Instructions for the task: Look for the word "rendering" in the entries and copy every line where it shows up.

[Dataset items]
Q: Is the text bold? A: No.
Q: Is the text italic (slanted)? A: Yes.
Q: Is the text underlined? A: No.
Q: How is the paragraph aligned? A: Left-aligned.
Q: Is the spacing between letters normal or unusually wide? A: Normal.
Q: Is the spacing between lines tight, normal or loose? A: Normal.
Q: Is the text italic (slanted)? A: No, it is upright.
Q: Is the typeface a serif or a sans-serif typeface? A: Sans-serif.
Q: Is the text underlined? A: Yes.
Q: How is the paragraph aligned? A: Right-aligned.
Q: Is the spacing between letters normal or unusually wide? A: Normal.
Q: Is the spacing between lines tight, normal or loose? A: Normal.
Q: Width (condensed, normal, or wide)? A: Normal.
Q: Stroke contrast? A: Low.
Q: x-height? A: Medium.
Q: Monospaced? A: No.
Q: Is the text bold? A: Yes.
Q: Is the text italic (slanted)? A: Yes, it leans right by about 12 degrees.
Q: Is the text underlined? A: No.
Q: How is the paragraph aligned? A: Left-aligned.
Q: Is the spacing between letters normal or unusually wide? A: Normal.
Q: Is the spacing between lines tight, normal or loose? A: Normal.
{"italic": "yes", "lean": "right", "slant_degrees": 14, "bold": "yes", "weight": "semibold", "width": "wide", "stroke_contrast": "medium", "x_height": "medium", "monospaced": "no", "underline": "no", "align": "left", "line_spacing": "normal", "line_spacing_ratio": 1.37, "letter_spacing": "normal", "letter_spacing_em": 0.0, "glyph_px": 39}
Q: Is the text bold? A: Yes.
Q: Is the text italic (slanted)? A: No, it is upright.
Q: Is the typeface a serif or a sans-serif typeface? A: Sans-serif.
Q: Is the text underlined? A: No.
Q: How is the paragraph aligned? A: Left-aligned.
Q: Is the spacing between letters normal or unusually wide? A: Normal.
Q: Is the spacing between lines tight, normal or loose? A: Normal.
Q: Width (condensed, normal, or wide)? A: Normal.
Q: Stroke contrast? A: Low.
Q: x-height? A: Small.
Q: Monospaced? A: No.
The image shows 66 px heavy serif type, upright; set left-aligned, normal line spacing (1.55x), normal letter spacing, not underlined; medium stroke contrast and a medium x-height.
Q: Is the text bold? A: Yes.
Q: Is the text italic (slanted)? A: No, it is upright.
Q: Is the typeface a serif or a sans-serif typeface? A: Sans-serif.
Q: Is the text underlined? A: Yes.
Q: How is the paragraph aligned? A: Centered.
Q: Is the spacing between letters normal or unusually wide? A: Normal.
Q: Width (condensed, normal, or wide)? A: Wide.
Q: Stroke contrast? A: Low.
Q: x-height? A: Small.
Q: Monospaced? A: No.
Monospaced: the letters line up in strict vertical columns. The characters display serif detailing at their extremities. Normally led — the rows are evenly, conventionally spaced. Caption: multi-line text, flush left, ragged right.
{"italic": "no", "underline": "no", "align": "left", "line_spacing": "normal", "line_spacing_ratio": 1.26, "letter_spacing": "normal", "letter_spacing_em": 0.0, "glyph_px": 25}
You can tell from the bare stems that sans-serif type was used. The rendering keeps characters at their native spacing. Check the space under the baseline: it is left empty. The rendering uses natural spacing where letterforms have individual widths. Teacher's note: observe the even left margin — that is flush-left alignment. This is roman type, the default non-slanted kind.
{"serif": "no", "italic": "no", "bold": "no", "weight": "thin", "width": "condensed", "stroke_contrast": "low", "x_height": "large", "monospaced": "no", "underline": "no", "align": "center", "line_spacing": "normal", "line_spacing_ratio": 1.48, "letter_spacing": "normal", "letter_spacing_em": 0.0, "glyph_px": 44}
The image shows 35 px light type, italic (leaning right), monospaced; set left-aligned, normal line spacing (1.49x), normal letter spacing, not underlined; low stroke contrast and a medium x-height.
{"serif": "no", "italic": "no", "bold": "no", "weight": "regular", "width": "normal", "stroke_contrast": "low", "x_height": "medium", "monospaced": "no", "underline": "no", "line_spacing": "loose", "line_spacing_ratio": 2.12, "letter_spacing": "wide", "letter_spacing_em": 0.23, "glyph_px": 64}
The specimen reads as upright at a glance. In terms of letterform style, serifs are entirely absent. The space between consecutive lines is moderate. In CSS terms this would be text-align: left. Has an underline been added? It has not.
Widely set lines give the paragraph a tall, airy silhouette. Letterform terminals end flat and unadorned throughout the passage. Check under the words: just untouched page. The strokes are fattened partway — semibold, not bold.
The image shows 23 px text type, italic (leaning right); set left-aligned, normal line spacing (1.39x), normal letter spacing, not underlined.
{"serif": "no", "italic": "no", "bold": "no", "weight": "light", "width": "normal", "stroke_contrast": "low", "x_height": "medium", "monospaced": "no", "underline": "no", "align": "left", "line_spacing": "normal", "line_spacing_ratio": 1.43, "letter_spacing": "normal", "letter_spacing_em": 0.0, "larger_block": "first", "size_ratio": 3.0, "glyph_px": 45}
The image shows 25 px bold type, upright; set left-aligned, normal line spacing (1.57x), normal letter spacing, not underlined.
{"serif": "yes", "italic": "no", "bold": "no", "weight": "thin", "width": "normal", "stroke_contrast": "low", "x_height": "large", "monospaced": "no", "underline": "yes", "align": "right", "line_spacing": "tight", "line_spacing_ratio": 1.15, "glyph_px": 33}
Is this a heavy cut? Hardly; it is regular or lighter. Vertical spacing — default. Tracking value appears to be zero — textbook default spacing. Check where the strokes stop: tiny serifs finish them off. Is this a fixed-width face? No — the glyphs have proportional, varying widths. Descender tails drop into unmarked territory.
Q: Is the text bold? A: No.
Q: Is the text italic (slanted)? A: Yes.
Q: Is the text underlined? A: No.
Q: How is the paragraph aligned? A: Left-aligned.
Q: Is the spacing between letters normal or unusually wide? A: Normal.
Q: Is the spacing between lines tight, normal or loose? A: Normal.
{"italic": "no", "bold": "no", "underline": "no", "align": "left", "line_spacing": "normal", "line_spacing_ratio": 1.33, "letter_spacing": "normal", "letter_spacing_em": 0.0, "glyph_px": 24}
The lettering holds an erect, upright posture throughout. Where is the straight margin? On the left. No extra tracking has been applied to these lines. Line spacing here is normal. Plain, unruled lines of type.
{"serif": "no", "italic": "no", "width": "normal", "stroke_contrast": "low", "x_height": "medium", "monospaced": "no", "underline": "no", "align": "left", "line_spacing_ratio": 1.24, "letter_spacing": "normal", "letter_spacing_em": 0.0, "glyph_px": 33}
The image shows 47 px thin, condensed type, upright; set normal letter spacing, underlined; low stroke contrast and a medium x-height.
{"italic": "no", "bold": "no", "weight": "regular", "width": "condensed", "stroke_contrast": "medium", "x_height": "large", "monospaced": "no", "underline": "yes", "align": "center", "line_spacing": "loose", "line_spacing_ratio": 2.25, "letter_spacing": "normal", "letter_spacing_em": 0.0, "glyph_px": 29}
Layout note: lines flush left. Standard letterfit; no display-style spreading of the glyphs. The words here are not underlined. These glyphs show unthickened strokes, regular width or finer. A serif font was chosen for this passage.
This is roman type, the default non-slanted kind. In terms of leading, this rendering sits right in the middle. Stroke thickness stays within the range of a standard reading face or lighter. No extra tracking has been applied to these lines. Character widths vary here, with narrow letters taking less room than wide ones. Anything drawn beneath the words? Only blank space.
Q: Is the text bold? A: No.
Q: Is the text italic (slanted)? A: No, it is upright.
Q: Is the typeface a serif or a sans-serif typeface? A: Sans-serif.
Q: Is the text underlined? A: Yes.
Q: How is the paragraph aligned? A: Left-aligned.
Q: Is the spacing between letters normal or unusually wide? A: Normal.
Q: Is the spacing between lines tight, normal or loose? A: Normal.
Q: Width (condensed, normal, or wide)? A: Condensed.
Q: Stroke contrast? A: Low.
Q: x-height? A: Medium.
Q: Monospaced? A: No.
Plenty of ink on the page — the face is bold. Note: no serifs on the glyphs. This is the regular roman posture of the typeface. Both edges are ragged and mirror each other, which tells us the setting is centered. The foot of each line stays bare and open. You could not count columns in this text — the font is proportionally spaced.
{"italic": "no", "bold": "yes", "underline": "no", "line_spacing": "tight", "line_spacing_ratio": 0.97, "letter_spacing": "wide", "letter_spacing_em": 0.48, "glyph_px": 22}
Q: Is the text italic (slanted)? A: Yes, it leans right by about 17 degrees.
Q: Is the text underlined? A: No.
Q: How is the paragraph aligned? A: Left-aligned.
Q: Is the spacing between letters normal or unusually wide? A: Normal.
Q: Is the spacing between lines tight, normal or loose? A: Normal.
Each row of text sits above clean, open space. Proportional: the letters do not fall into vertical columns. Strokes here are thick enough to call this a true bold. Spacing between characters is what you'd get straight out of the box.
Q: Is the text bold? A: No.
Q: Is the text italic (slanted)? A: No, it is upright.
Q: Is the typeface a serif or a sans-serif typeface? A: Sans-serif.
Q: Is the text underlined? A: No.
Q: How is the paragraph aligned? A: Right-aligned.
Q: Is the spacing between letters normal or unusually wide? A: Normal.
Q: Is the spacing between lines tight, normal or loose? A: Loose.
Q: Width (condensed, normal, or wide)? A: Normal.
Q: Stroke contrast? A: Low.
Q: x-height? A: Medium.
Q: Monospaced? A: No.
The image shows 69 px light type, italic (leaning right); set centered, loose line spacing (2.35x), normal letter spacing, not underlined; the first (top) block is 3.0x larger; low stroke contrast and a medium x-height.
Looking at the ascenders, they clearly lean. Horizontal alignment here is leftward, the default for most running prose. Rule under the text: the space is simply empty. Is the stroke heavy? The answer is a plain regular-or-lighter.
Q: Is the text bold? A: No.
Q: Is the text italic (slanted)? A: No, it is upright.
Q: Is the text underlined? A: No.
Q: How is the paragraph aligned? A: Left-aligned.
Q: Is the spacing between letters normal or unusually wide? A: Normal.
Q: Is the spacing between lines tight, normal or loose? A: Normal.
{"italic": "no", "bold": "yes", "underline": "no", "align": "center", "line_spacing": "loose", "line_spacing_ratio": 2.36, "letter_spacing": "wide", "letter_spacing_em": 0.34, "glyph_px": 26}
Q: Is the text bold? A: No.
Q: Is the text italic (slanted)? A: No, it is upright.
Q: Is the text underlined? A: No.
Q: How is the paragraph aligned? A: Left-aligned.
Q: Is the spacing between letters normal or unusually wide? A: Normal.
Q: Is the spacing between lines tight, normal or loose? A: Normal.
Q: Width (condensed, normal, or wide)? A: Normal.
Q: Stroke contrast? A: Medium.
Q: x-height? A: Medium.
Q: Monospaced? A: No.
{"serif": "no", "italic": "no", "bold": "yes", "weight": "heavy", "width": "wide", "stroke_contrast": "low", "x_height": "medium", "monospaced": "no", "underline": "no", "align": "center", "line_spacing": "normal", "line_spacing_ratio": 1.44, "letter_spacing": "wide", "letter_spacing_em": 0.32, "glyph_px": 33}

Answer for this exercise:
You can tell from the bare stems that sans-serif type was used. The rendering keeps characters at their native spacing. Check the space under the baseline: it is left empty. The rendering uses natural spacing where letterforms have individual widths. Teacher's note: observe the even left margin — that is flush-left alignment. This is roman type, the default non-slanted kind.
This is roman type, the default non-slanted kind. In terms of leading, this rendering sits right in the middle. Stroke thickness stays within the range of a standard reading face or lighter. No extra tracking has been applied to these lines. Character widths vary here, with narrow letters taking less room than wide ones. Anything drawn beneath the words? Only blank space.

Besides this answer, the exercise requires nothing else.